Тут в одном из провалов показался Мустафа-паша в сопровождении своего штандартоносца. Указуя ятаганом на внутреннюю стену, военачальник гаркнул команду, по которой турки, взревев, с новой силой устремились вперед. Снизу у лестниц все еще толпились люди, выжидая своей очереди. Задние из них оборачивались, накреняя пики или готовя для удара клинки и палицы.

– Поднять лестницы! – скомандовал ла Валетт. – Живо!

Среди тех, кто не успел, послышались крики отчаяния, а последние счастливчики взлетели на перекладины и перескочили через парапет. Они же помогли втянуть на стену лестницы. Те, кто остался снаружи, в отчаянии цеплялись, мешали, и их приходилось стряхивать. Одна из лестниц по недогляду упала наружу, подарком врагу.

– Закрыть ворота! – крикнул ла Валетт солдатам, караулящим повозку, и те, подняв дыбом, примотали ее цепями к железным скобам, запечатав таким образом небольшой проход, а затем поднялись на стену, прихватив арбалеты для стрельбы по перепачканной орде, несущейся к последнему оплоту христиан – ни дать ни взять, чумазая нечисть из преисподней. По всей длине укрепления арбалетчики спешили использовать последний шанс сократить число нехристей, и в слякотные лужи попа́дали еще десятки турок, пронзенных смертоносными болтами.

На глазах у Томаса ковылял к стене последний из защитников, в тщетной попытке спастись от врага. Он был ранен в ногу и спешил как мог, одну руку простирая к товарищам на стене в умоляющем жесте: спасите, братья. Вот бедняга поскользнулся и упал. Он еще нашел силы подняться, с перемазанным грязью лицом и розовой дырой беззвучно кричащего рта.
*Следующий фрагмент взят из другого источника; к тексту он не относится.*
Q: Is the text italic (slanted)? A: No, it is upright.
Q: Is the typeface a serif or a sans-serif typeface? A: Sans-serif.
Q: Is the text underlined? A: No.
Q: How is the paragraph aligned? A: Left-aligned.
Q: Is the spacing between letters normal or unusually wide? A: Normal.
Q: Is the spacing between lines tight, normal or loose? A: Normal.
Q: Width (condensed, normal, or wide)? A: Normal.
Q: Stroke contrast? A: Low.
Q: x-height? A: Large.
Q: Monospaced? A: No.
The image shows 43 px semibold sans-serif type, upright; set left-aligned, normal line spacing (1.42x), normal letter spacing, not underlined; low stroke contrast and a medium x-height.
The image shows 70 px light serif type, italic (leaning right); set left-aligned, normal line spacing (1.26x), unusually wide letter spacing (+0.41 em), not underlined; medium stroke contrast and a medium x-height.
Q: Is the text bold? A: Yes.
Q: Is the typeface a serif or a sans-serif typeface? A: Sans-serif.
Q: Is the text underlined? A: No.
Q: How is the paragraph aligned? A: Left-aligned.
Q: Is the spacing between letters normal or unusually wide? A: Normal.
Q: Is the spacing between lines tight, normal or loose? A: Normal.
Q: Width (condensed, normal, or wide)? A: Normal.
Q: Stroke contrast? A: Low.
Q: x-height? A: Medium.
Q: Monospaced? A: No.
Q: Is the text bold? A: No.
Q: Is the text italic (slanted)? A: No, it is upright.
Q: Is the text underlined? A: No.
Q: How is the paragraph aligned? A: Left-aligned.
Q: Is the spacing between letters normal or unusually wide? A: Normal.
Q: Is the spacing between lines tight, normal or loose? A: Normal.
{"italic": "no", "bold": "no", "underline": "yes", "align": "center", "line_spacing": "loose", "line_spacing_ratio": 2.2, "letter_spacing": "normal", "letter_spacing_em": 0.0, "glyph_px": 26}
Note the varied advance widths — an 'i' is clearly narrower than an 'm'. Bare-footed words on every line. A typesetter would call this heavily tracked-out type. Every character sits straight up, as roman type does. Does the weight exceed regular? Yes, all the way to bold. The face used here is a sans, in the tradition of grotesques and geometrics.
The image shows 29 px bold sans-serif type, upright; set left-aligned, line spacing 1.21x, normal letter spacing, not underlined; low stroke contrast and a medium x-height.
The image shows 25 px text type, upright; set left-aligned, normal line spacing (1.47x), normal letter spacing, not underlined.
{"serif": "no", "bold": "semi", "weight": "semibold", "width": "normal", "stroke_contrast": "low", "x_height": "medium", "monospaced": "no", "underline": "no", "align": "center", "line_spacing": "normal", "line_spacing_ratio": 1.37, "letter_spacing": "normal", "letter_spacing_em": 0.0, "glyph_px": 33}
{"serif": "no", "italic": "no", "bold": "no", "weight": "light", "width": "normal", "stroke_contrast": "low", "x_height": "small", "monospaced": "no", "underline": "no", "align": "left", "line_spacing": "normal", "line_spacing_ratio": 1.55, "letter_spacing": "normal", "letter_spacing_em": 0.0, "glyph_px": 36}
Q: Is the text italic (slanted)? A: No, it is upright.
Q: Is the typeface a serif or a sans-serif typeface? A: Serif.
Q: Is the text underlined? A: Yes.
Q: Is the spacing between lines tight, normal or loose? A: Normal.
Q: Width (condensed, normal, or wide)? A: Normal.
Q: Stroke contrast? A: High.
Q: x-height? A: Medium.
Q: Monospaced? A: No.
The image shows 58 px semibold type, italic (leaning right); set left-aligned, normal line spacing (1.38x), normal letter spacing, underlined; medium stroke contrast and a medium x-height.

Но его нагнал бритый наголо бородач в звериной шкуре, обеими руками поднявший для удара копье. Острие он вогнал солдату в спину между лопаток, и оно, блестя кровью, вышло через грудь, а лицо христианина мучительно исказилось, и он упал ничком, мгновенно затоптанный прущей следом дикой лавиной.

Число защитников на внутренней стене оказалось достаточным, чтобы сместить большинство женщин и детей, которые в свою очередь бросились собирать сзади каменья и прочие годные к метанию предметы, и с пронзительными криками ненависти швыряли их со стены, да так, что те градом стучали по шлемам и щитам наступающих. И кстати, наносили вполне ощутимый урон, попадая по лицам и неприкрытым головам тех фанатиков, что шли на приступ без доспехов и вообще воевали у Сулеймана из одного лишь желания сеять смерть среди неверных и принимать мученическую кончину. Но вот турки приблизились к стене и, разделавшись с последними из врагов, утиснутых в смертельной западне, стали тыкать снизу копьями в лица нависающих с невысокой стены защитников.

Видно было, как, подавшись вперед, усердствует копьем ла Валетт: точным ударом он проткнул плечо одному из штурмующих, отдернул и воткнул острие в грудь другому, в горло третьему… Вскрикнул Ричард: наконечник пики прорвал ему рукав и ужалил руку. Дернув порванный рукав на себя, юноша вонзил в обидчика копье. Какое-то время у подножия стены царила сутолока, и плотно спрессованные сарацины были легкой мишенью для тех, кто сверху рубил, колол и обстреливал их орущую массу в халатах и доспехах. Но вот толпа раздалась перед теми, кто набежал сзади с лестницами и стал с ходу приставлять их к стене, для которой они были несоразмерно длинными и нелепо торчали кверху. По ним, мешая друг другу, тут же принялись карабкаться басурманы, полыхая желанием поскорее добраться до защитников Биргу.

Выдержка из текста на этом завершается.